I suggest that the same phenomenon will occur with speech technology. The majority opinion holds that technical improvements will soon make large-vocabulary speech recognition commercially viable for specific applications. My prediction, based on the aforementioned general characterization of technological forecasting, is that technical improvements will appear painfully slowly but that in 40 to 50 years speech recognition at human performance levels will be ubiquitous. That is, incremental technical advances will, in the near term, result in a fragile technology of relatively small commercial value in very special markets, whereas major technological advances resulting from a true paradigm shift in the underlying science will enable machines to display human levels of competence in spoken language commu-
nication. This, in turn, will result in a vast market of incalculable commercial value.
It is, of course, entirely possible that the majority opinion is correct, that a diligent effort resulting in a long sequence of rapid incremental improvements will yield the desired perfected speech recognition technology. It is, unfortunately, also possible that this strategy will run afoul of the "first-step fallacy" (Dreyfus, 1972), which warns that one cannot reach the moon by climbing a tree even though such an action initially appears to be a move in the right direction. Ultimately, progress stops far short of the goal when the top of the tree is reached.
If, as I argue, the latter possibility exists, what strategy should we use to defend against its undesirable outcome? The answer should be obvious. Openly acknowledge the risks of the incremental approach and devote some effort to achieving the paradigm shift from signal transcription to message comprehension alluded to earlier.

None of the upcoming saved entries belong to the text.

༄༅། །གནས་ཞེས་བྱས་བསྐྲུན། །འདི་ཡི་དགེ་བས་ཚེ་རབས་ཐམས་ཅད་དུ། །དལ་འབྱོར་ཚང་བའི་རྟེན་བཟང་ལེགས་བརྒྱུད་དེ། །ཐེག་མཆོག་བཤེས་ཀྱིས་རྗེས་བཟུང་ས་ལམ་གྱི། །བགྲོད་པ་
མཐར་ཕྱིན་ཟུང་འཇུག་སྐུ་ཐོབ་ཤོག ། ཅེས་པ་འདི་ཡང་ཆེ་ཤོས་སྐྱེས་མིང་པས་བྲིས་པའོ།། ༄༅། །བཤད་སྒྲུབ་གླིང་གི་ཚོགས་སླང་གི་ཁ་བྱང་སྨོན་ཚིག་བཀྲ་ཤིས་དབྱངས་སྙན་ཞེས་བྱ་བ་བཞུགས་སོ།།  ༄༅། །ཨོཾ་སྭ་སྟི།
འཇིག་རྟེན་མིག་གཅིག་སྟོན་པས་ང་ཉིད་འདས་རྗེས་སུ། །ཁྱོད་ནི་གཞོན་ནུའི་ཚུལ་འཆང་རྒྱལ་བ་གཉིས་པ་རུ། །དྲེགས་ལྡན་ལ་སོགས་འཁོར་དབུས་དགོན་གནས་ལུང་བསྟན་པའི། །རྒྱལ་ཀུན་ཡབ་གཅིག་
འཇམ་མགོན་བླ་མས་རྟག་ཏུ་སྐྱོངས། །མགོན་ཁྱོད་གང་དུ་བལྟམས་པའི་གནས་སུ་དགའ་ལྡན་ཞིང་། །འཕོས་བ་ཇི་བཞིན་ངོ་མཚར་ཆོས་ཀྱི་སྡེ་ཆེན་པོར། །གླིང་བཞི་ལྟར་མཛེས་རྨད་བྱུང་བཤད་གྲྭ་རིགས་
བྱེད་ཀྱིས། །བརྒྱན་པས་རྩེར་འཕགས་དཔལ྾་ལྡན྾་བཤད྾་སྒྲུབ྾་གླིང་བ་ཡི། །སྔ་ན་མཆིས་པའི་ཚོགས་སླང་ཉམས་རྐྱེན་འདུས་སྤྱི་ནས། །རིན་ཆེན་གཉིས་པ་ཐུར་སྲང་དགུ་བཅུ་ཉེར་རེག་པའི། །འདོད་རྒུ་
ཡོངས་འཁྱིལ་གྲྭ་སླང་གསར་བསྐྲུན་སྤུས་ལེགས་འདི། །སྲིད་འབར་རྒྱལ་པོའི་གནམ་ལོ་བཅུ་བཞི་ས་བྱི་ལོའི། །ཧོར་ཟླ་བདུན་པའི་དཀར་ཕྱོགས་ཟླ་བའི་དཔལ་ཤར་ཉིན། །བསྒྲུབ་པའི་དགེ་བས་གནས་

Perhaps more important, however, is recognition of the uniqueness of our technological goal. Unlike all other technologies that are integral parts of our daily lives because they provide us with capabilities otherwise unattainable, automatic speech recognition promises to improve the usefulness of a behavior at which we are already exquisitely proficient. Such a promise cannot be realized if the technology supporting it degrades our natural expertise in spoken communication. Since the present state of the art requires a serious diminution of our abilities and since we presently do not know how to leap the performance chasm between humans and machines, perhaps we should invest more in research aimed at finding a more nearly anthropomorphic and, by implication, potent technology. This would, of course, alter the subtle balance among science, technology, and the marketplace more toward precommercial experimentation with proportionately less opportunity for immediate profit. There is good reason to believe, however, that ultimately this strategy will afford the greatest intellectual, financial, and social rewards.

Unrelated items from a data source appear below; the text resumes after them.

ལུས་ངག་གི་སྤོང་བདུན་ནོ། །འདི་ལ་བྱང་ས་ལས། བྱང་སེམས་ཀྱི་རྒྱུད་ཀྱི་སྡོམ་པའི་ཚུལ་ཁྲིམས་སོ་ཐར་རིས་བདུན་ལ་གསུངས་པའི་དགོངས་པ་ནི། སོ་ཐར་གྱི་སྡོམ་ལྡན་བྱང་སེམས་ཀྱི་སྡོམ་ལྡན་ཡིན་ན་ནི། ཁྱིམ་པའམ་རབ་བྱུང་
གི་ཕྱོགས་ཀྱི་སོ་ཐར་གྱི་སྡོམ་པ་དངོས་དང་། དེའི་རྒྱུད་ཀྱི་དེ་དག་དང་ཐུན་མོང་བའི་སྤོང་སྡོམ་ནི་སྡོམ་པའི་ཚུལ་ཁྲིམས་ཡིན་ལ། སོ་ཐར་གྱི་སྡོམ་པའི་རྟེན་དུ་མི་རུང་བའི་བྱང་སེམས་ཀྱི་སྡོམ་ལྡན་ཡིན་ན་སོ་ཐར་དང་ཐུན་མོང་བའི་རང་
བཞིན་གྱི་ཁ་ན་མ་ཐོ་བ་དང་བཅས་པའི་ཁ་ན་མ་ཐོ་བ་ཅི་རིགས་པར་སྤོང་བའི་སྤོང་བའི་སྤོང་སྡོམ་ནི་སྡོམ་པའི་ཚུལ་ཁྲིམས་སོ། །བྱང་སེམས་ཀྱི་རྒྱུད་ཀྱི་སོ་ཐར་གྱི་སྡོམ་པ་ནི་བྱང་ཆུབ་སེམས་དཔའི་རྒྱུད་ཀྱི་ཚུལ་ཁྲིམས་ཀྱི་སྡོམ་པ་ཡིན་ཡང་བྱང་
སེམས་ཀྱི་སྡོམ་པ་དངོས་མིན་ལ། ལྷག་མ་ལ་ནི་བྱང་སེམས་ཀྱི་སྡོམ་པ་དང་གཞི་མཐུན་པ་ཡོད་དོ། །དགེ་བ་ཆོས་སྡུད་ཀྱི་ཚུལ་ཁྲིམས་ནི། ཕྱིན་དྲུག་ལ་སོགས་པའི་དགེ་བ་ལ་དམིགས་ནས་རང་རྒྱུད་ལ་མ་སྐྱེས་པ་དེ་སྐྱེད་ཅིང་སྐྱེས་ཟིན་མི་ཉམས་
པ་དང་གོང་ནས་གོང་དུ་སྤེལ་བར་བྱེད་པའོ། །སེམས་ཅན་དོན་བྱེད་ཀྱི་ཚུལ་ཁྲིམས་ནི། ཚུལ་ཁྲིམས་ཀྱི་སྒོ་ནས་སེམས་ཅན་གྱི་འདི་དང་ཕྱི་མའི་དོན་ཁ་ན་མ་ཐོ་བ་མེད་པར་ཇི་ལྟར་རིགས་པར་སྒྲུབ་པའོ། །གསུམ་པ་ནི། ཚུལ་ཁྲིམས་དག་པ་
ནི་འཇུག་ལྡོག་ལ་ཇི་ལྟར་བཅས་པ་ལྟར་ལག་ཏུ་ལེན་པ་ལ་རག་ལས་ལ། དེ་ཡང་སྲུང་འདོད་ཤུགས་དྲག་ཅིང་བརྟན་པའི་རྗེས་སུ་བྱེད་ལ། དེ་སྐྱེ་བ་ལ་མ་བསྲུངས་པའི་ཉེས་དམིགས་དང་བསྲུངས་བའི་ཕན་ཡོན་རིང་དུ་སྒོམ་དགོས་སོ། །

Dreyfus, H. L., What Computers Can't Do: A Critique of Artificial Reason, Harper, New York, 1972.
Goldstine, H. H., The Computer from Pascal to Von Neumann, Princeton University Press, Princeton, N.J., 1972, p. 344.
Kuhn, T. S., The Structure of Scientific Revolutions, 2nd ed., University of Chicago Press, Chicago, 1970, pp. 92 ff.
Oberteuffer, J., "Major Progress in Speech Technology Affirmed at National Academy of Sciences Colloquium," ASR News, Vol. 4, No. 2, Feb. 1993, pp. 5-7.